Ann, a young medical worker from Moscow, said that low union membership in Russia (a hang-over from the Stalinist era of state unions) and new laws outlawing ‘unsanctioned strikes and protests’ meant that workers had to be innovative in forming unions and taking action. She described a ‘sit-down “Italian” strike’ by doctors against wage-cuts and a photo-op placard protest outside a hospital.

DiDi said that in Brazil the trade unions had to organise the informal sector including the landless movements and the ‘Reclaim the City’ campaign of the urban poor.

In Britain, the Unite Community initiative is looking to organise the unemployed as well as students, disabled and pensioners, with several Socialist Party members helping to set up branches.

Trade unions and social movements

There is a clear interaction between some of these mass social movements and the trade unions. Occupy Wall Street undoubtedly inspired the fast food strikes. The ‘Indignados’ in Spain was followed later by general strike action. The Arab Spring in Egypt has resulted in millions of workers joining new independent trade unions. The social justice movement in Israel two years ago has inspired 20,000 new trade union members. The mass protests against bus fare hikes and the World Cup in Brazil has been followed by a wave of workers strikes.

The CWI has taken this into account when developing our political programme. In Greece, Spain and Portugal specially, the CWI has called for ‘assemblies of the trade unions, Left parties and social movements’ to organise general strike action and mass mobilisations including the occupations of workplaces and squares.
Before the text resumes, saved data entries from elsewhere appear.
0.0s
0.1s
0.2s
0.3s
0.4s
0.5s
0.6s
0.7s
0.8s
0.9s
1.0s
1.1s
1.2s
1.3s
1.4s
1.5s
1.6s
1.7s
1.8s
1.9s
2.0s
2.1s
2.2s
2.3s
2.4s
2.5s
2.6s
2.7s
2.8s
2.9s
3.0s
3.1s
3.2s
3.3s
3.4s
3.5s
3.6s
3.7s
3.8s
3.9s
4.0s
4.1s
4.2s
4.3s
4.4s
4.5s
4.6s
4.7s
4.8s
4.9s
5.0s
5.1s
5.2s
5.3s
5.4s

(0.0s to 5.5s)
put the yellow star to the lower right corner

These could lay the basis for not only overthrowing austerity regimes but for ‘workers and poor’ governments taking power. What the CWI always emphasises is the key role played by the working class and how it must remain independent of bourgeois parties whilst building alliances with social movements and other movements of the oppressed.
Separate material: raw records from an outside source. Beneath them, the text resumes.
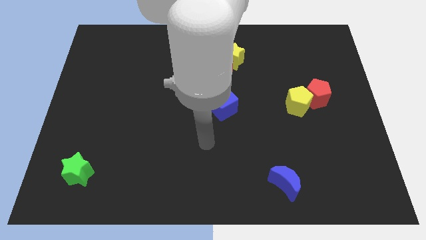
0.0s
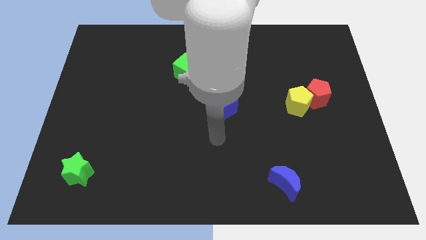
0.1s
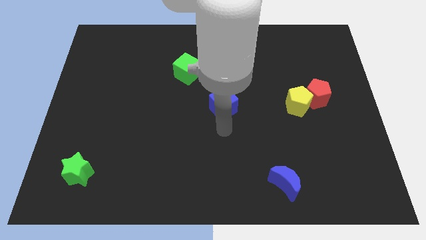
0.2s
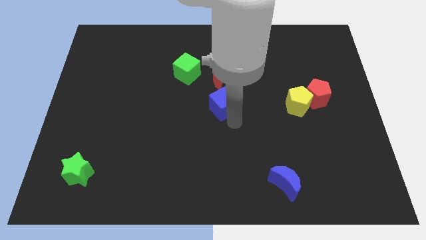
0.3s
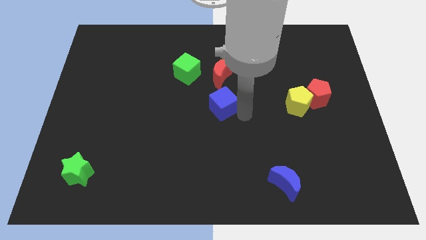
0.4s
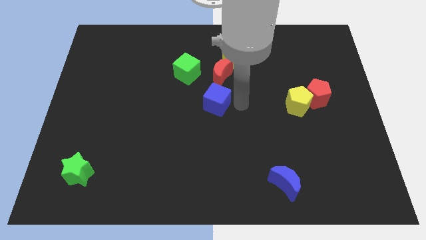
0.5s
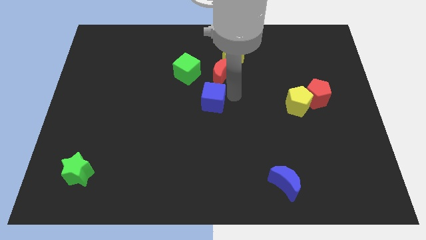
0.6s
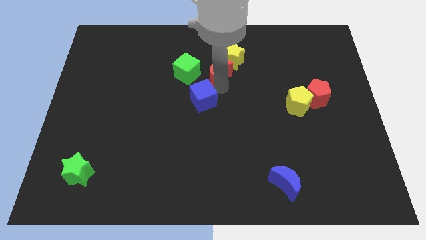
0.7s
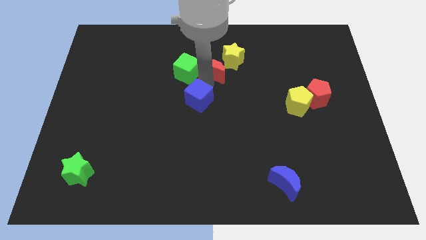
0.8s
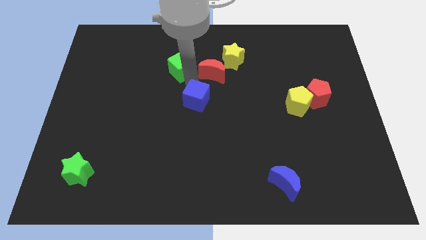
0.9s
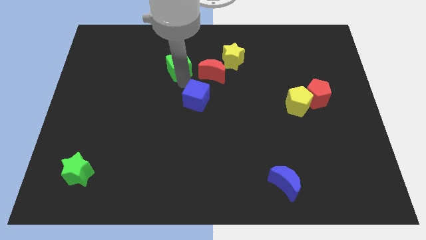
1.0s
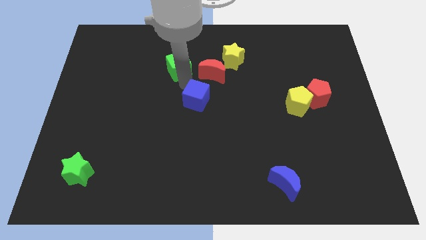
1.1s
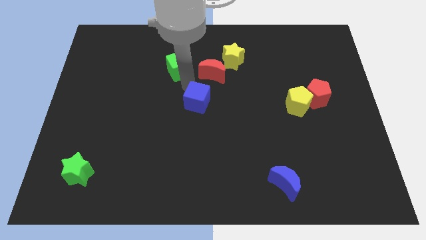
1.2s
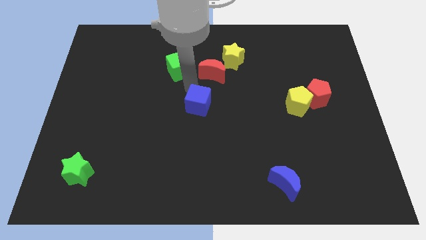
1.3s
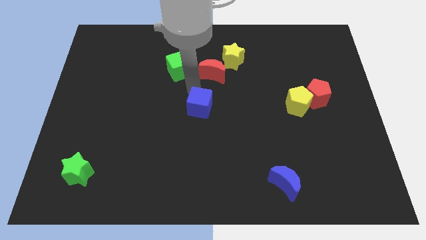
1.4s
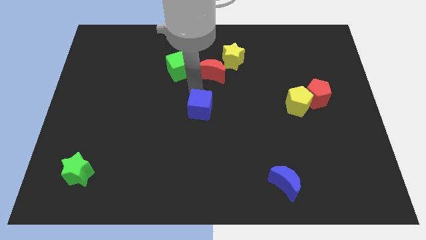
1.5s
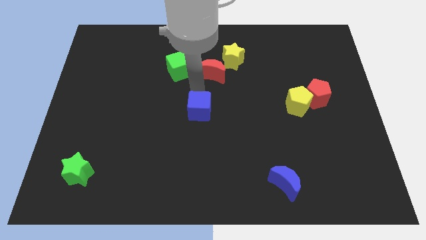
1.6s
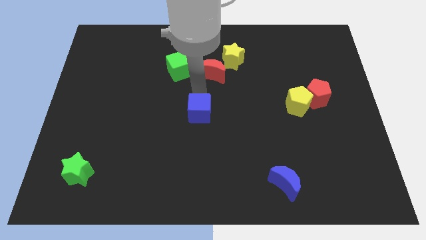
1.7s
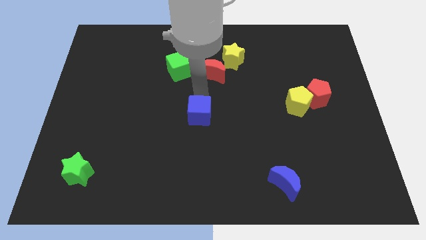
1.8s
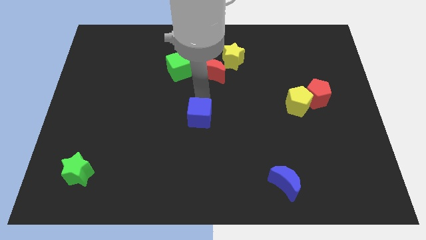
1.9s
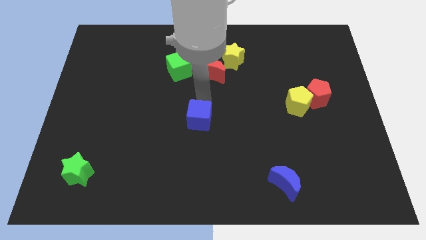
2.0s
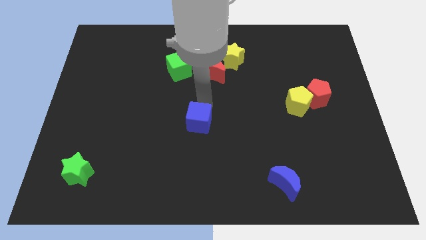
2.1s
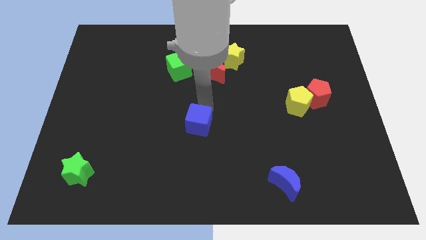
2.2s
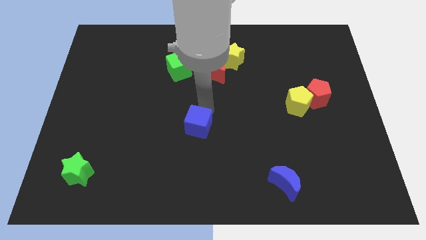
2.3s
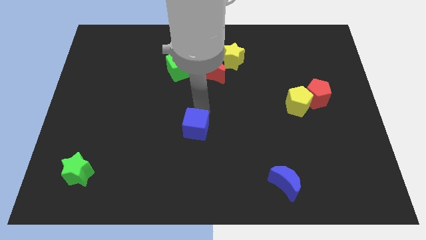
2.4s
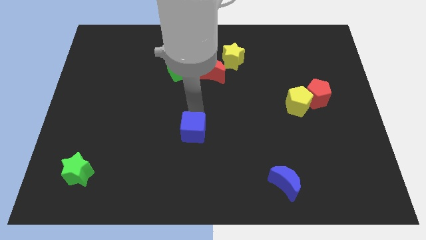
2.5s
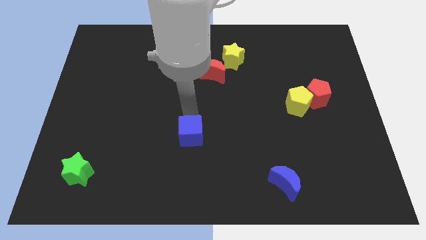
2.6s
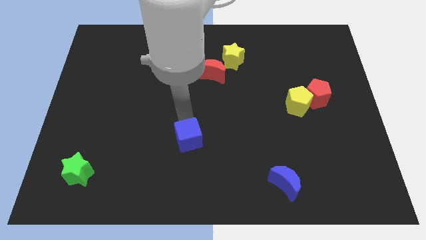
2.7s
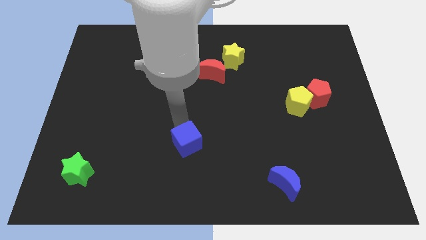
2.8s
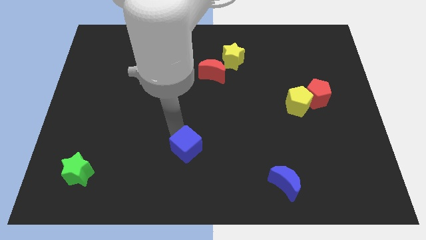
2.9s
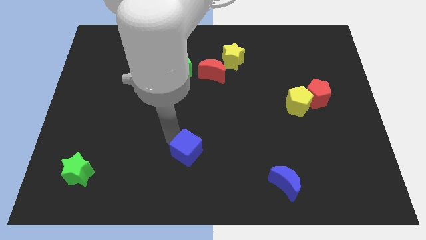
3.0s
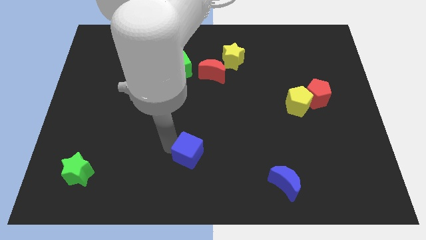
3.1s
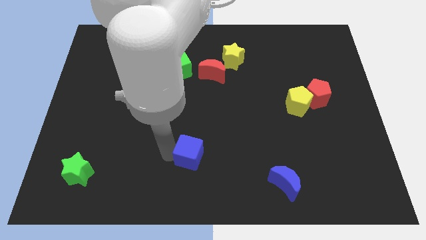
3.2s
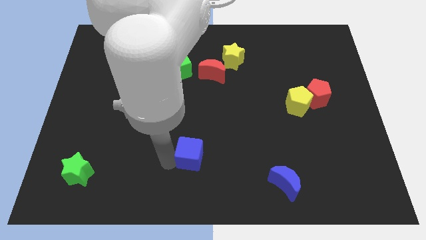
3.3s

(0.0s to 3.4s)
move the blue cube to the bottom side

Critical to this is fighting for workers unity against national, religious and sectarian divisions. Suheir, a Palestinian CWI member in Israel, inspired the commission by explaining how she, as an executive member of the Social Workers union, had spoken against discrimination and for workers unity, at a protest rally outside the Knesset. To the surprise of her Palestinian colleagues, she got a positive reaction from all the workers which shows the potential for class struggle to overcome even the deepest divisions. Similarly in Northern Ireland, with increased tensions due to the flags protests, Socialist Party members have successfully put forward motions in NIPSA and Unite supporting workers taking industrial action against sectarian threats and attacks.